In April of 2020, Mid-Minnesota Legal Aid received 8,847 calls and logged over 900 intakes – almost triple the usual volume for a month.
In February, well before the first case of COVID-19 was identified in Minnesota, Executive Director Drew Schaffer and his team began to carefully monitor not only the virus, but also the economic impact. As the public health emergency evolved and public guidance lagged behind the growth of the pandemic, they realized the particular vulnerability of the communities Legal Aid serves. The board and management took decisive action to protect staff, clients, and community partners.
Legal Aid closed its physical offices the week of March 16. Within a week, all functions moved to a virtual environment. Legal Aid’s information technology team worked with operations to move intake, support, and all client services to remote operations.
At the same time, attorneys in all units began preparing for the legal complications to come. The first wave of cases focused on access to stable housing and healthcare. Minnesota’s March 2020 school closures and stay-at-home order brought a spike in family law and domestic violence questions, along with concerns about equal access to education and public information. The Minnesota Disability Law Center (MDLC) turned attention to the rights of vulnerable adults in facilities around the state.
Rapid changes to public policy and benefits brought a surge in calls about CARES stimulus checks and unemployment insurance. Legal Aid’s Low-Income Tax Clinic is the only agency in the state that is helping people navigate the IRS website to apply for their stimulus checks. The benefits unit has shifted to helping workers apply for unemployment benefits.

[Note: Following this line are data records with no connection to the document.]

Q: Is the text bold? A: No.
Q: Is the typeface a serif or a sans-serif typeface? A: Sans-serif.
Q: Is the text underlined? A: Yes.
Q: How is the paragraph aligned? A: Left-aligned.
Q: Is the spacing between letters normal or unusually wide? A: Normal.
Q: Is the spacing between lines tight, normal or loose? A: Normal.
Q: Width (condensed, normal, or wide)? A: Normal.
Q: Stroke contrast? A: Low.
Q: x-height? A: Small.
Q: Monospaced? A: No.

“Our biggest challenge is to stay positive,” says Intake Coordinator Luci Russell. “The pandemic is magnifying problems we were seeing before, and the need is overwhelming. We’re honored to work for an organization that responds so quickly, and we appreciate being able to provide help in this uncertain time. But the need is so much bigger than we can possibly meet.”
On the informational front, Legal Aid’s State Support team added a COVID-19 resource page to www. lawhelpmn.org. on March 13. In just a few weeks, in cooperation with legal experts around the state, State Support created 18 new fact sheets to address clients’ most urgent questions, translated them into multiple languages, and put the word out on social media channels. The work is ongoing, with high traffic on the website and ever-rising requests for information.
Then on May 25, George Floyd was killed by police officers in south Minneapolis, and everything changed again. The city responded explosively. In the aftermath, new food and pharmacy deserts, damaged housing, and closed businesses weigh most heavily on client communities. Meanwhile, the pandemic continues. The communities Legal Aid serves will be looking at the economic impact for years to come.
With a continued minimal presence in physical offices, Legal Aid continues to field a high volume of calls, disseminate public information, and advocate for client communities at local and state levels.
“It is Legal Aid’s desire, privilege, and duty to continue our fierce advocacy and stand with the communities that have suffered so much loss,” says Schaffer. “Pro bono support and financial contributions from the private bar – both local and out-of-state – has been especially heartening over the past weeks. We’re trying to keep a jump ahead of ever-changing circumstances, and we appreciate the support of the legal community.”